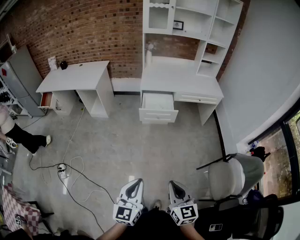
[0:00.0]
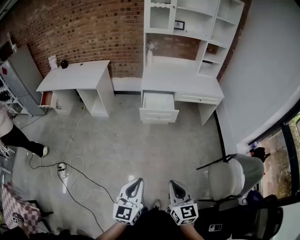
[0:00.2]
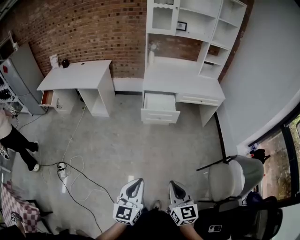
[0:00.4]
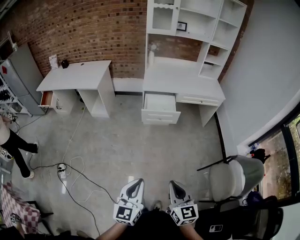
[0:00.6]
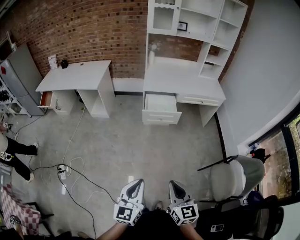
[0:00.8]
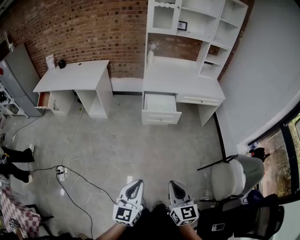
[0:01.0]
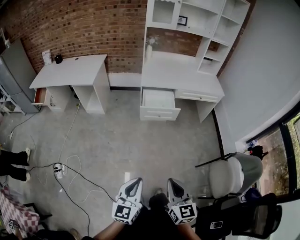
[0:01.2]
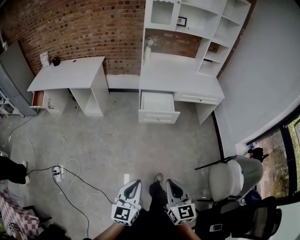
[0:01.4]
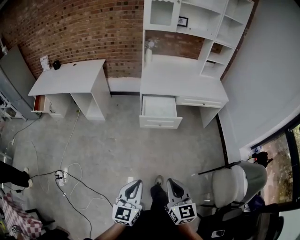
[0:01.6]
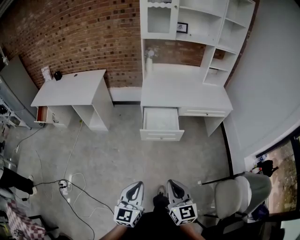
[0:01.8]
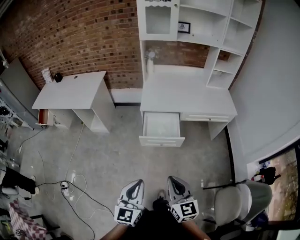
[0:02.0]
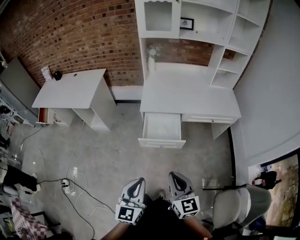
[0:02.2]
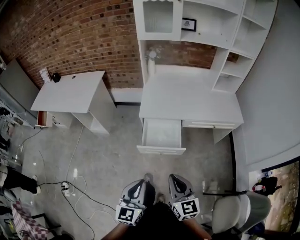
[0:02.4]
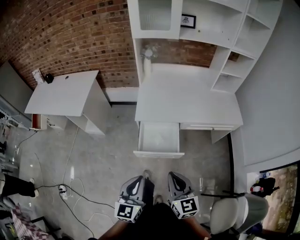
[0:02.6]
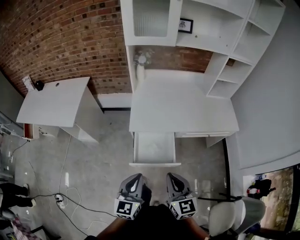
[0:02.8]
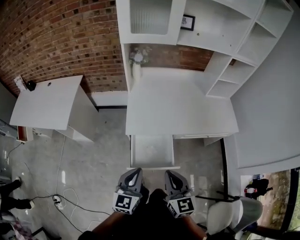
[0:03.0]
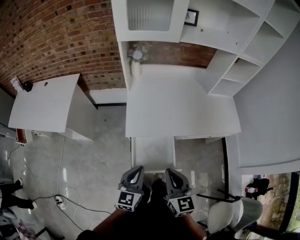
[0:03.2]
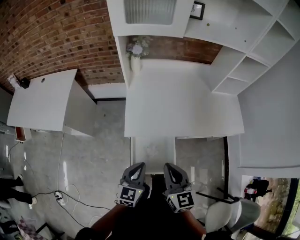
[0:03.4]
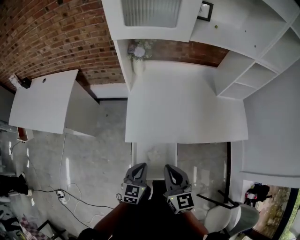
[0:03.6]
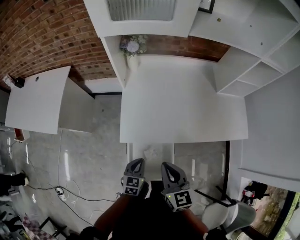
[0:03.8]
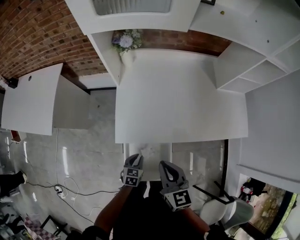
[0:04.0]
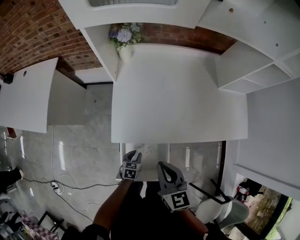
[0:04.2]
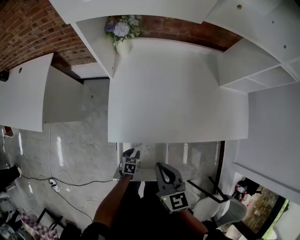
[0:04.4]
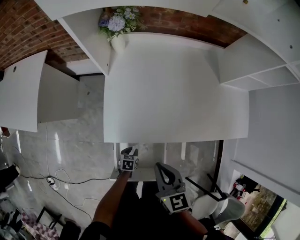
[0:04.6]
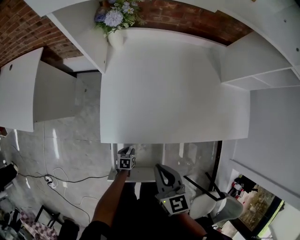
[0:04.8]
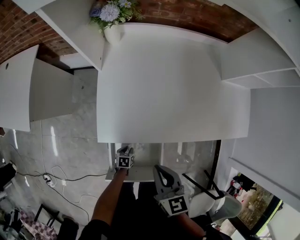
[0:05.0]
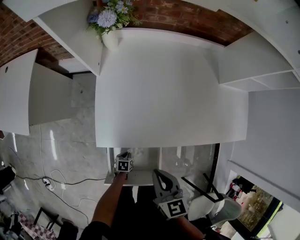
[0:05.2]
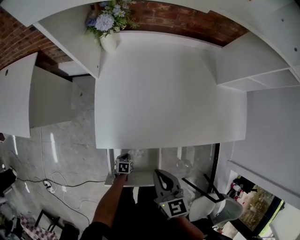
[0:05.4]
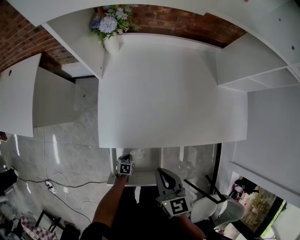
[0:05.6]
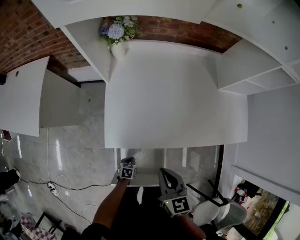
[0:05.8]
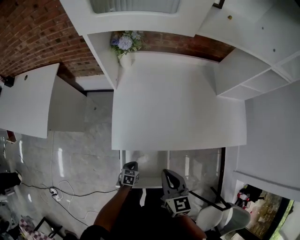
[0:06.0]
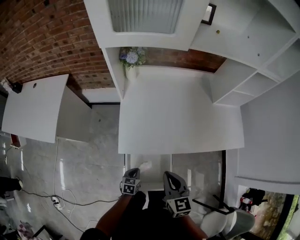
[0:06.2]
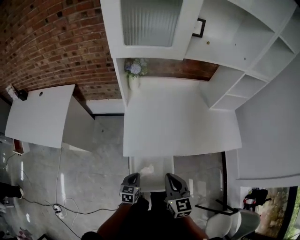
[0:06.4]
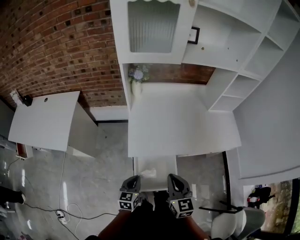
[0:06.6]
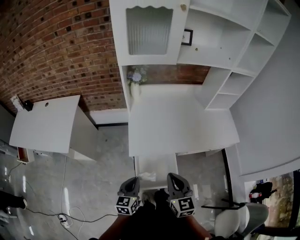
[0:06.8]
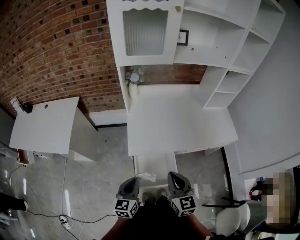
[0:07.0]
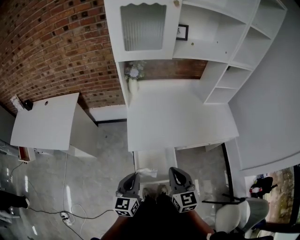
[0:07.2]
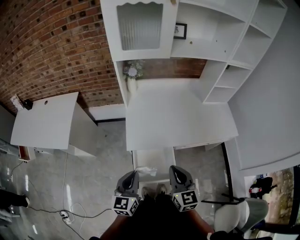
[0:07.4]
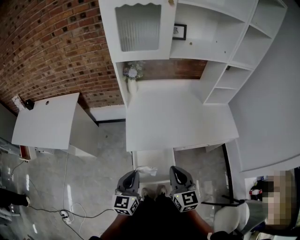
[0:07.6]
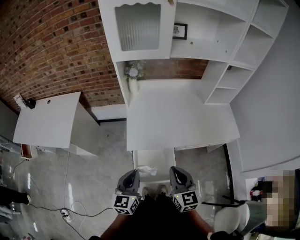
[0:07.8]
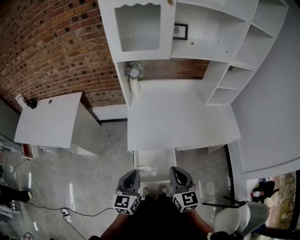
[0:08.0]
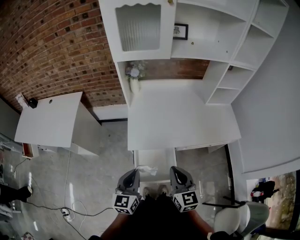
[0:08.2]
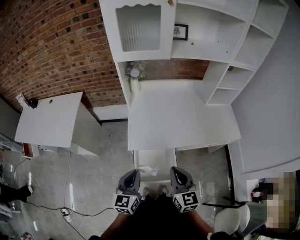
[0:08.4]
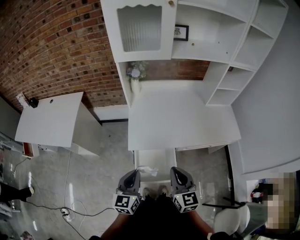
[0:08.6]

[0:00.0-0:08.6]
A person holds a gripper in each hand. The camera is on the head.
0:00.0 to 0:01.4: Both grippers travel together forward and to the left, some 10 cm.
0:01.4 to 0:02.8: The two grippers travel together, forward, approximately 60 cm.
0:02.8 to 0:04.4: The right gripper is displaced forward by some 30 cm; the left gripper is displaced downward and forward by some 50 cm, points its fingers roughly 50 degrees further downward, and opens up.
0:04.4 to 0:05.8: The left gripper heads downward, covering some 5 cm, and closes.
0:05.8 to 0:07.2: The left gripper heads upward, covering some 50 cm, and tilts its fingers roughly 50 degrees upward. Meanwhile the right gripper is displaced backward and upward by roughly 25 cm.
0:07.2 to 0:08.6: The grippers move only a little.

* _PROBLEM STATEMENT_: Output every record above word for word, omitting any pictures they contain.

* _PROBLEM SOLUTION_:
[0:00.0]
[0:00.2]
[0:00.4]
[0:00.6]
[0:00.8]
[0:01.0]
[0:01.2]
[0:01.4]
[0:01.6]
[0:01.8]
[0:02.0]
[0:02.2]
[0:02.4]
[0:02.6]
[0:02.8]
[0:03.0]
[0:03.2]
[0:03.4]
[0:03.6]
[0:03.8]
[0:04.0]
[0:04.2]
[0:04.4]
[0:04.6]
[0:04.8]
[0:05.0]
[0:05.2]
[0:05.4]
[0:05.6]
[0:05.8]
[0:06.0]
[0:06.2]
[0:06.4]
[0:06.6]
[0:06.8]
[0:07.0]
[0:07.2]
[0:07.4]
[0:07.6]
[0:07.8]
[0:08.0]
[0:08.2]
[0:08.4]
[0:08.6]

[0:00.0-0:08.6]
A person holds a gripper in each hand. The camera is on the head.
0:00.0 to 0:01.4: Both grippers travel together forward and to the left, some 10 cm.
0:01.4 to 0:02.8: The two grippers travel together, forward, approximately 60 cm.
0:02.8 to 0:04.4: The right gripper is displaced forward by some 30 cm; the left gripper is displaced downward and forward by some 50 cm, points its fingers roughly 50 degrees further downward, and opens up.
0:04.4 to 0:05.8: The left gripper heads downward, covering some 5 cm, and closes.
0:05.8 to 0:07.2: The left gripper heads upward, covering some 50 cm, and tilts its fingers roughly 50 degrees upward. Meanwhile the right gripper is displaced backward and upward by roughly 25 cm.
0:07.2 to 0:08.6: The grippers move only a little.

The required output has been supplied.